RECORDS SUPPLIED:
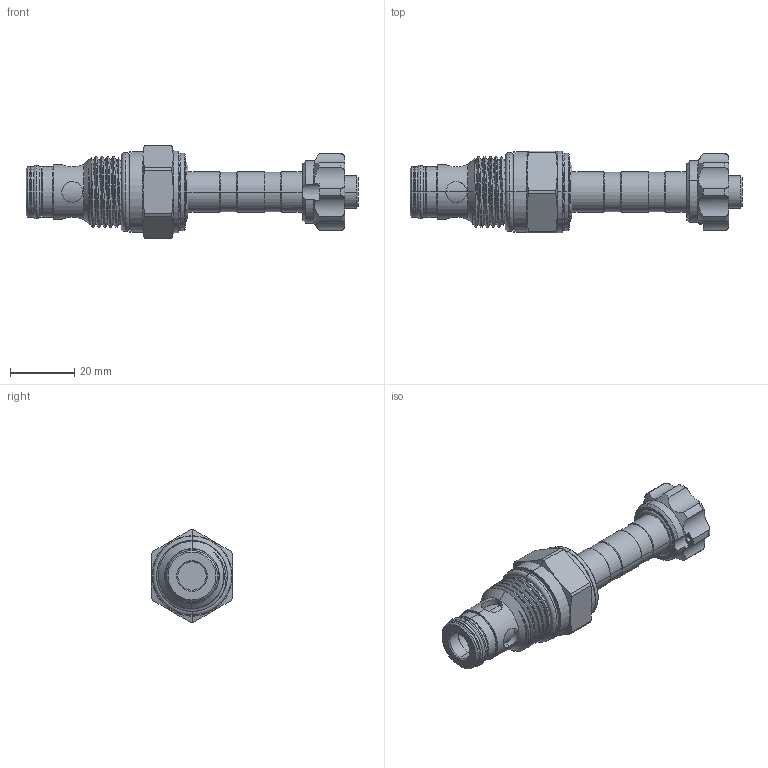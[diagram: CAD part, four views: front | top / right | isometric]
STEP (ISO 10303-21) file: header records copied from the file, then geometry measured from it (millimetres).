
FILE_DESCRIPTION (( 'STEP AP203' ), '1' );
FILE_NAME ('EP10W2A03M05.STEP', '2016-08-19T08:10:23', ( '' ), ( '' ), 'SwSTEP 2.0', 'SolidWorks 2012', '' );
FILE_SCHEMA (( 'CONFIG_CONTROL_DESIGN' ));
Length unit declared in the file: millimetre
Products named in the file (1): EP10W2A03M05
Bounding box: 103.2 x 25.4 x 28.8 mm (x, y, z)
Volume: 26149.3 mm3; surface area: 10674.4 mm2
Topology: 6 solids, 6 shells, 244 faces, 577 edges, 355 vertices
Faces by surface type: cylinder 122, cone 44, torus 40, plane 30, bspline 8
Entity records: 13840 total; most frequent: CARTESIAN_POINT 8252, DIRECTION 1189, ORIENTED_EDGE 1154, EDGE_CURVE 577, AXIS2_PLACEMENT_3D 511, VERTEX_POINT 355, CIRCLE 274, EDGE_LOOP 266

WHAT THE TASK REQUIRES: Retype all of the listing word for word and skip the pictures.

WRITTEN SOLUTION:
[diagram: CAD part, four views: front | top / right | isometric]
STEP (ISO 10303-21) file: header records copied from the file, then geometry measured from it (millimetres).
FILE_DESCRIPTION (( 'STEP AP203' ), '1' );
FILE_NAME ('EP10W2A03M05.STEP', '2016-08-19T08:10:23', ( '' ), ( '' ), 'SwSTEP 2.0', 'SolidWorks 2012', '' );
FILE_SCHEMA (( 'CONFIG_CONTROL_DESIGN' ));
Length unit declared in the file: millimetre
Products named in the file (1): EP10W2A03M05
Bounding box: 103.2 x 25.4 x 28.8 mm (x, y, z)
Volume: 26149.3 mm3; surface area: 10674.4 mm2
Topology: 6 solids, 6 shells, 244 faces, 577 edges, 355 vertices
Faces by surface type: cylinder 122, cone 44, torus 40, plane 30, bspline 8
Entity records: 13840 total; most frequent: CARTESIAN_POINT 8252, DIRECTION 1189, ORIENTED_EDGE 1154, EDGE_CURVE 577, AXIS2_PLACEMENT_3D 511, VERTEX_POINT 355, CIRCLE 274, EDGE_LOOP 266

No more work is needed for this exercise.